«И стали ждать нашей судьбы». Корнет Дрейлинг, служивший во 2-й кирасирской дивизии, стоял в ту самую ночь всего в шести верстах от места сражения. Он не знал планов Багратиона и поэтому ждал, когда их бросят в бой: «Мы спешились и стали ждать нашей судьбы. Зажигать огни было воспрещено. Ночь была темная. Черные тучи висели над самой землей. Не переставая, моросил мелкий дождь. В нашей колонне царствовала тишина. Ни звука человеческого… Изредка слышалось приглушенное бряцание оружия, и только. По большой дороге потянулись вереницы экипажей с ранеными. Их стоны и крик, да еще отдаленный грохот пушек одни нарушали мертвящую тишину, которая нас окружала со всех сторон». Заметим, что Раевский просил Багратиона «дать способ везти раненых» с места боя, ибо «люди тащатся окровавленные мимо полков, отымут охоту у здоровых поставить себя в такое ж положение»47. Дрешинг продолжает: «За ними потянулись отряды пехоты, ничтожные остатки возвращающихся из сражения полков. Безмолвные, хотя и в полном порядке, шш они мимо нас, почти невидимые под покровом ночи, если бы не блеск штыков, который обнаруживал их. Эта картина, казалось бы, на всех должна была производить одинаково неблагоприятное впечатление, но спокойно спали наши старые кирасиры, каждый под своей лошадью. Закутавшись в плащ, привязав к руке поводья лошади, тихо лежал я — измученный, усталый, но спать не мог, и сердце напряженно ждало чего-то жуткого, таинственного, может быть, не я один, а все мы, молодежь, переживали в этот момент подобное, только не говорили друг другу об этом. Вдруг раздался звук трубы. Мы бросились на лошадей и думали, что нам прикажут наступать, но получили приказ отступать. Мы направились через Быхов, Пропойск, Мстиславль влево, к Смоленску»48. Участник похода А. П. Бутенев видел продолжение того, о чем писал Дрейлинг: когда войска Раевского вернулись, то их сопровождало множество «раненых и умирающих, которых несли на носилках, на пушечных подставках, на руках товарищей. Некоторых офицеров, тяжелораненых и истекающих кровью, видел я на лошадях, в полулежащем положении, одною рукою они держались за повод, а другая, пронизанная пулею, висела в бездействии. Перевязки делались в двух развалившихся хижинах, почти насупротив толпы офицеров и генералов, посреди которых сидел князь Багратион, по временам приподнимавшийся, чтобы поговорить с ранеными и сказать им слово утешения и ободрения»49.

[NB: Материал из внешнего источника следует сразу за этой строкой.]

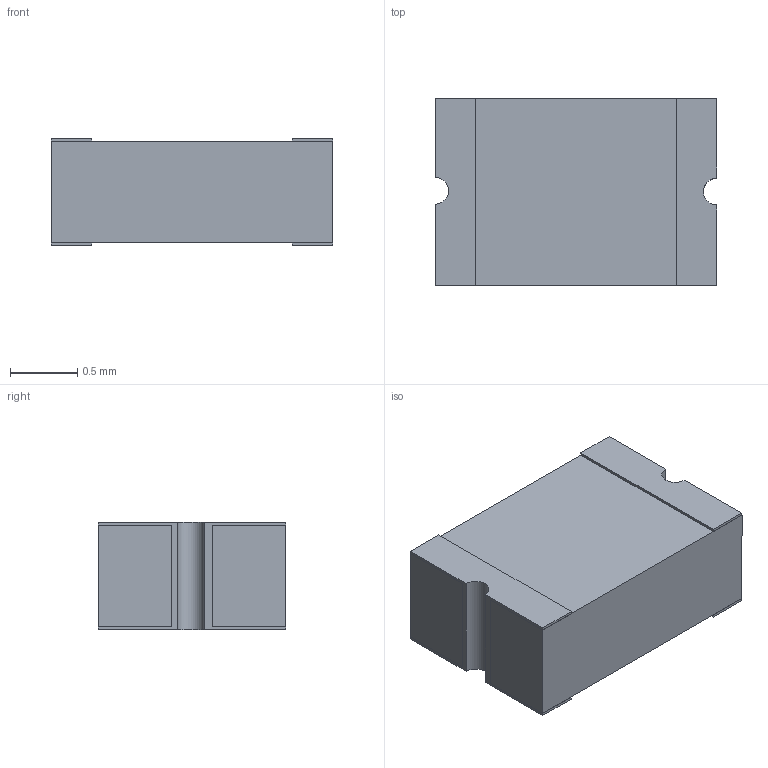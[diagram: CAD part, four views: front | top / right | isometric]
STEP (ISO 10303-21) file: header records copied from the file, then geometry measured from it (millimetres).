
FILE_DESCRIPTION(/* description */ (''),/* implementation_level */ '2;1');
FILE_NAME(/* name */ '3D_ASMD0805-050 v1.step',/* time_stamp */ '2022-03-26T19:29:21+08:00',/* author */ (''),/* organization */ (''),/* preprocessor_version */ 'ST-DEVELOPER v18.1',/* originating_system */ 'Autodesk Translation Framework v10.13.0.1454',/* authorisation */ '');
FILE_SCHEMA (('AUTOMOTIVE_DESIGN { 1 0 10303 214 3 1 1 }'));
Length unit declared in the file: millimetre
Products named in the file (4): 3D_ASMD0805-050; F1; F0805; SOLID
Assembly tree (3 placements, depth 4):
  3D_ASMD0805-050
    F1
      F0805
        SOLID
Bounding box: 2.1 x 1.4 x 0.8 mm (x, y, z)
Volume: 2.2 mm3; surface area: 11.6 mm2
Topology: 1 solids, 1 shells, 92 faces, 249 edges, 166 vertices
Faces by surface type: plane 72, bspline 14, cylinder 6
Entity records: 3775 total; most frequent: CARTESIAN_POINT 1396, ORIENTED_EDGE 498, DIRECTION 403, EDGE_CURVE 249, LINE 209, VECTOR 209, VERTEX_POINT 166, EDGE_LOOP 99

Так случилось, что одновременно с Дрейлингом польский офицер Колачковский — участник похода корпуса Понятовского, только что подошедшего к Могилеву, — видел, как наутро возвращались из-под Салтановки в свой лагерь французские полки: «Их выправка, обмундирование и вооружение были в самом лучшем порядке, они везли с собой провизию на несколько дней, имели двойное количество патронов, обуви и саперные принадлежности. Со всем этим грузом они шли легко и охотно, как бы на парад. В рядах недоставало только убитых и раненых»50. Словом, сражение под Саптановкой было только пробой сил сторон. И солдаты Багратиона, и солдаты Даву горели желанием скрестить оружие снова…
Тем временем Барклай, готовившийся к битве, неожиданно приказал войскам отступать. Обычно это его решение объясняют тем, что 15 июля он получил от Багратиона известие о неудаче под Могилевом и невозможности соединиться с 1-й армией, а также о том, что французы угрожают непосредственно Смоленску. В своем донесении М. И. Кутузову 17 августа 1812 года, как бы «сдавая дела», Барклай так писал о ситуации, сложившейся под Витебском и Могилевом: «Трехсуточное сражение под Витебском… окончилось бы генеральным сражением, когда в самое то время не получил бы я известие от князя Багратиона о неудачном предприятии на Могилев, где уже маршал Давуст (Даву. — Е. А.) со всею армиею пресек 2-й армии дорогу на Смоленск. Князь Багратион при сем случае сам мне изъявил, что не имеет надежды достигнуть Смоленска прежде неприятеля, который из Могилева имел прямейшую дорогу к важному сему пункту. В таких обстоятельствах и самая победа под Витебском никак не приносила бы пользы, ибо армия, которою предводительствует сам Наполеон и которая, сверх того, еще имеет превосходство в силах, могла быть побита, но не уничтожена. Я тогда бы должен был с сею армиею, претерпевшей урон, действовать и против Давуста на левом моем фланге, и противу Наполеона и принужденным бы нашелся оставить последнему открытый путь в Москву — цель всех напряжений неприятеля. Уважая все сии обстоятельства, решился я, в виду неприятеля, отступить и поспешить к Смоленску»51.